Microscope confocal - Définition

Description du dispositif

Source de lumière

La plupart du temps, la source d'excitation utilisée n'est plus une lampe à arc, mais un (ou plusieurs) faisceau(x) laser. L'intérêt des lasers est de fournir une lumière monochromatique plus spécifique et facile à contrôler (en termes de filtrage). De plus la finesse du pinceau laser permet d'améliorer considérablement la résolution en XY (dans le plan) du fait d'une moindre diffusion.

Les lasers utilisés le plus fréquemment sont les suivants :

• argon-ion (longueurs d'onde : 457 nm, 488 nm, 514 nm)
• hélium-néon (longueurs d'onde : 543 nm, 633 nm)

Si l'on utilise une source de lumière blanche à la place d'un laser, il est également possible d'obtenir des images en couleur avec un microscope confocal. Il est toutefois plus difficile de focaliser la lumière blanche avec une forte intensité sur l'objet, ce qui augmente le temps d'acquisition. Les microscopes confocaux en lumière blanche utilisent en général plusieurs rayons de manière simultanée, ce qui permet d'observer plusieurs endroits de l'échantillon à la fois. Grâce à des dispositifs astucieux comme un disque de Nipkov, il est possible de réaliser des images en temps réel.

Système de balayage

Le balayage du champ observé par le laser se fait à l’aide de deux miroirs orthogonaux. Il s'agit de miroirs galvanométriques très rapides (entre 200 Hz et 2 KHz selon les modèles) effectuant le balayage en X, suivi d'un miroir permettant le balayage en Y.
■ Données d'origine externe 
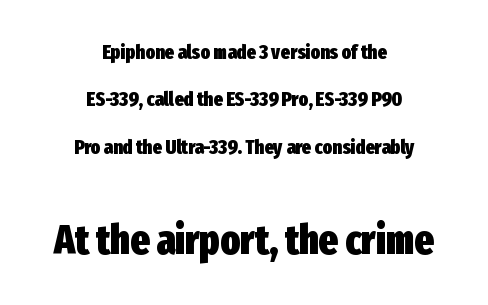
{"serif": "no", "italic": "no", "bold": "yes", "weight": "heavy", "width": "condensed", "stroke_contrast": "low", "x_height": "medium", "monospaced": "no", "underline": "no", "align": "center", "line_spacing": "loose", "line_spacing_ratio": 2.37, "letter_spacing": "normal", "letter_spacing_em": 0.0, "larger_block": "second", "size_ratio": 2.05, "glyph_px": 41}
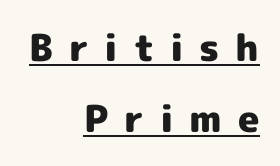
The passage shown is typeset with a sans-serif family. Rendered with straight, roman letterforms. Honestly, the rows look like they've been pulled way apart. Beneath each row of characters lies a ruled line. Each word looks stretched out because of the extra space between its letters. Each line ends at the same right margin while the left side varies.
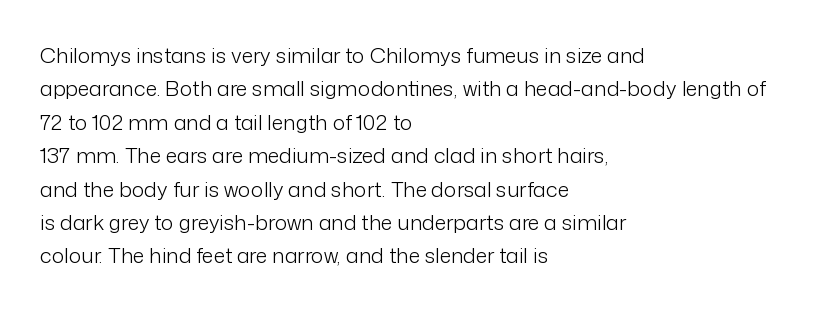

Le positionnement de l’image dans la profondeur de l’échantillon est généralement obtenue en déplaçant en Z l’objectif à l’aide d’un quartz piezoélectrique par pas successifs de 200-300 nm.

Détecteurs

Les détecteurs utilisés sont des tubes photo-multiplicateurs (PMT) ou une caméra CCD haute sensibilité. L’intensité lumineuse est mesurée et numérisée en fonction de la position du laser dans l’échantillon : on obtient directement des images numériques.

L'utilisation de photo-multiplicateurs (PMT) comme capteurs, à la place de l'œil ou de l'appareil photo, est rendue nécessaire par le très faible signal émis pour chaque position du faisceau. Pour chacune de ces positions, le PMT va produire un signal électrique proportionnel au niveau de lumière collecté. Ce signal électrique est ensuite numérisé pour constituer une matrice de pixels. En travaillant en 8 bits on obtient ainsi une image en 256 niveaux de gris, qui sont ensuite "colorés" artificiellement afin de différencier dans une superposition les fluorescences émises par plusieurs fluorochromes. Les images obtenues ont un champ variant de 64 x 64 à 2 048 x 2 048. Plus la résolution est élevée, plus le temps d'acquisition est long, ce qui peut devenir une limite pour l'acquisition de phénomènes biologiques rapides sur du matériel vivant. Enfin, le fichier généré est plus volumineux (problème de stockage mémoire).

Traitement de l'image

Le résultat d'une observation en microscopie confocale peut être considéré comme une tomographie à l'échelle cellulaire. Une fois la tomographie obtenue, elle peut être traitée de différentes façons :

• en réunissant les différentes images, on reconstitue une vue en deux dimensions de l'ensemble de la préparation parfaitement nette en tout point ;
• en créant une image stéréoscopique donnant une vue en trois dimensions de la préparation ;
• comme tous les éléments d'une même image se trouvent à la même profondeur de la préparation, on peut déterminer les connexions entre les différents éléments observables.

Ces usages ne sont toutefois pas limitatifs et dépendent des besoins et de l'imagination des scientifiques.